● Task brief: Reproduce the listing exactly. Omit pictures.

==*==

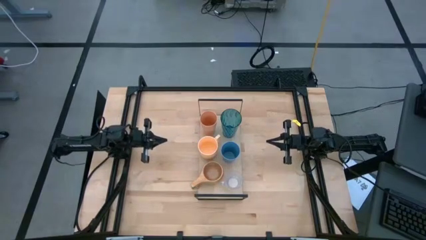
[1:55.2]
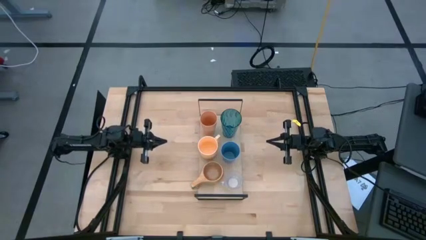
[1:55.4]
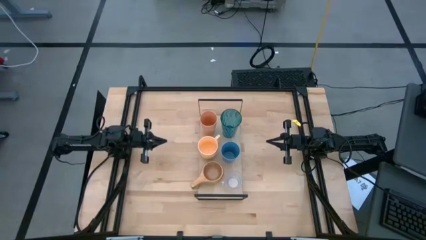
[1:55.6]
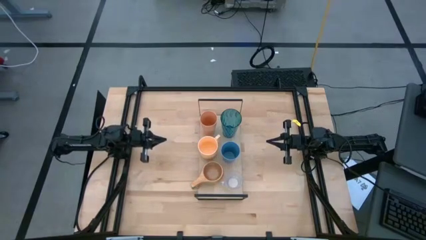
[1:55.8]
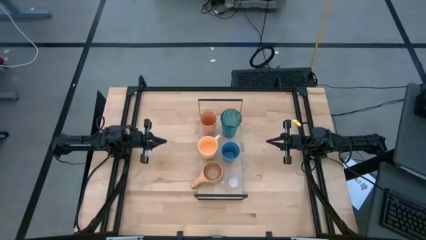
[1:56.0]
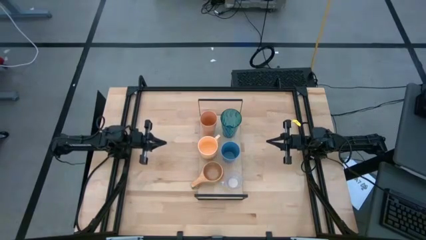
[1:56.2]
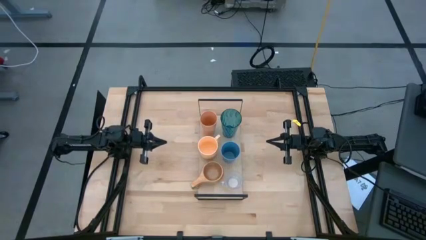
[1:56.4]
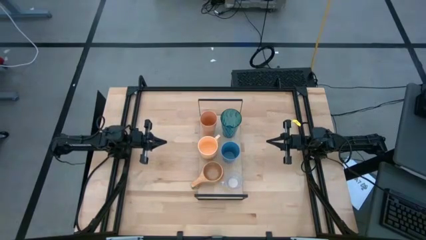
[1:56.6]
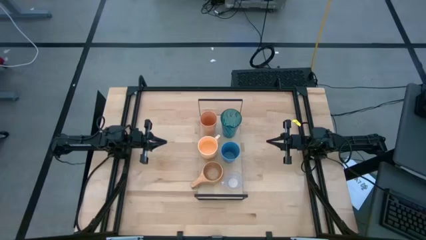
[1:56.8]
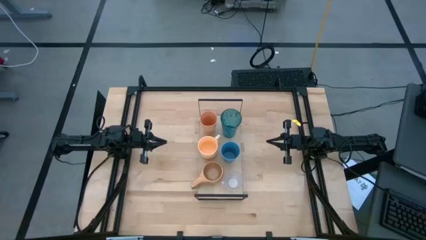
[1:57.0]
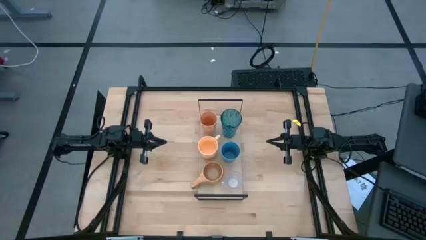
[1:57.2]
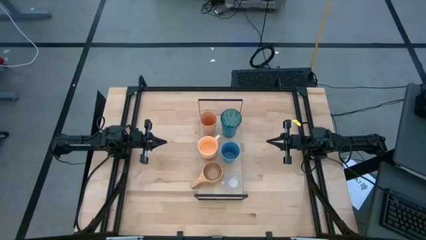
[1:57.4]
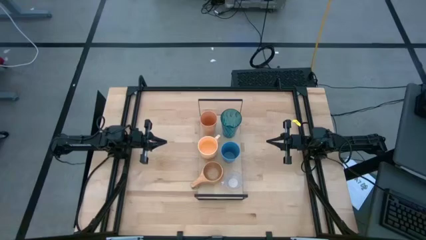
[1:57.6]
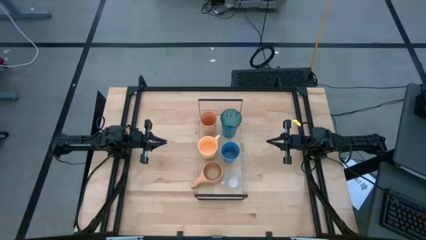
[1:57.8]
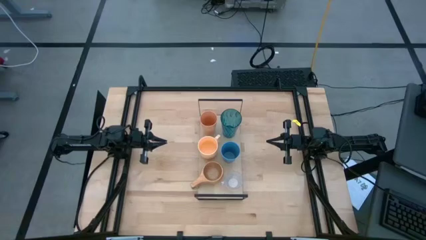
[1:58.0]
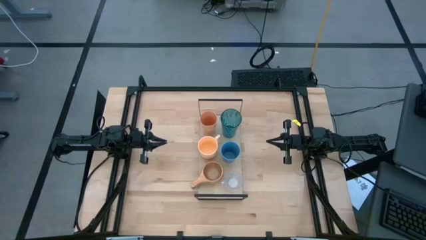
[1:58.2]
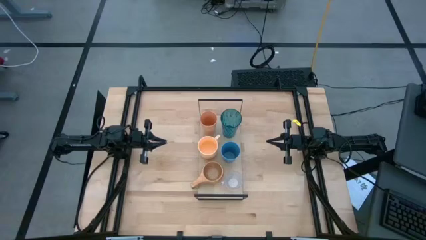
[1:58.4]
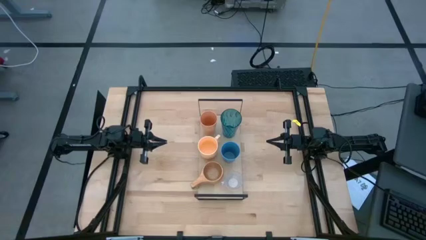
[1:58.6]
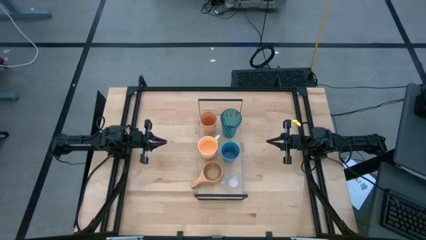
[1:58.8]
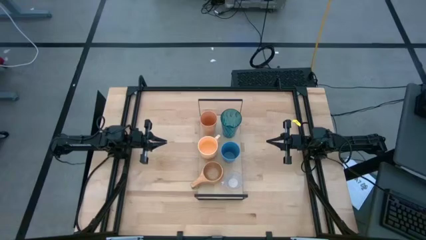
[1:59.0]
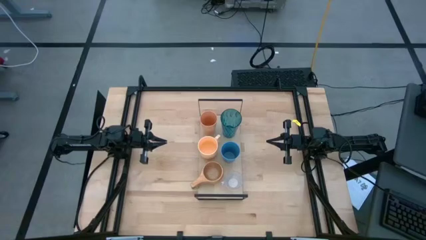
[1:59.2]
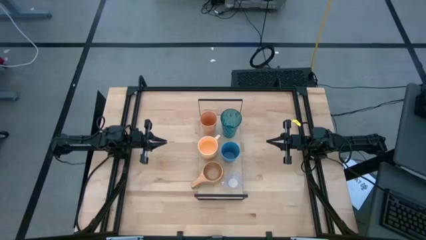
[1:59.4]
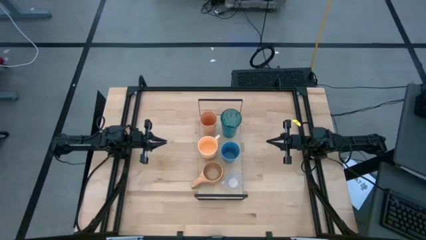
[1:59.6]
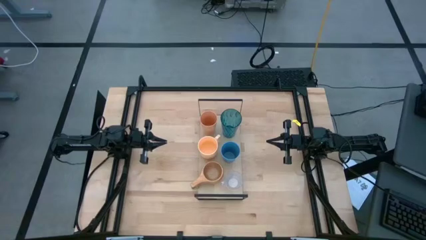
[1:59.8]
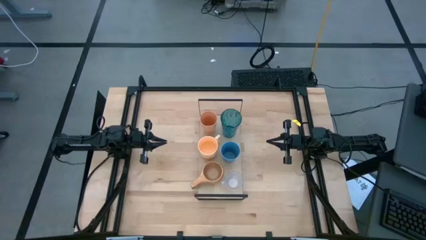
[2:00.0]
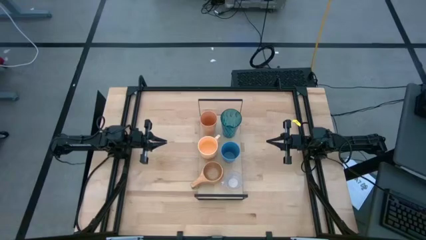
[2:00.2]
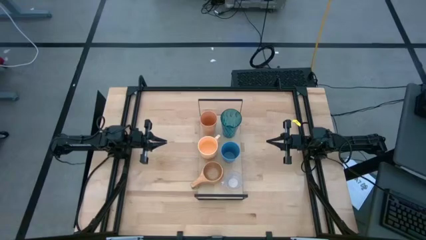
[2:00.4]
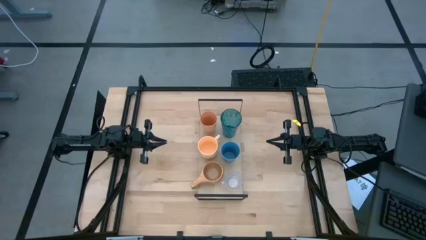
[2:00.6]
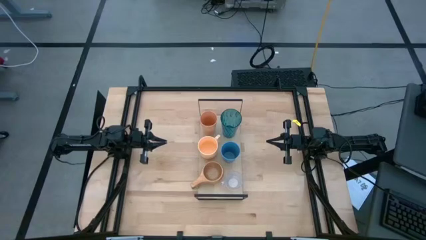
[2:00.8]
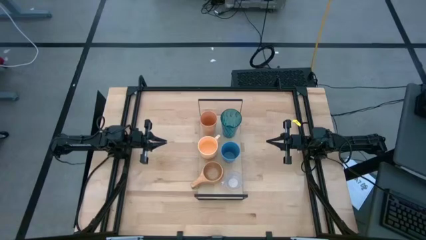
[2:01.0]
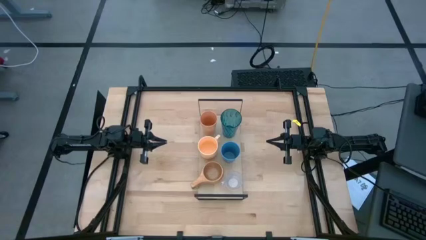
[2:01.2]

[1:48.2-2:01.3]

==*==

● Task solution:
[1:55.2]
[1:55.4]
[1:55.6]
[1:55.8]
[1:56.0]
[1:56.2]
[1:56.4]
[1:56.6]
[1:56.8]
[1:57.0]
[1:57.2]
[1:57.4]
[1:57.6]
[1:57.8]
[1:58.0]
[1:58.2]
[1:58.4]
[1:58.6]
[1:58.8]
[1:59.0]
[1:59.2]
[1:59.4]
[1:59.6]
[1:59.8]
[2:00.0]
[2:00.2]
[2:00.4]
[2:00.6]
[2:00.8]
[2:01.0]
[2:01.2]

[1:48.2-2:01.3]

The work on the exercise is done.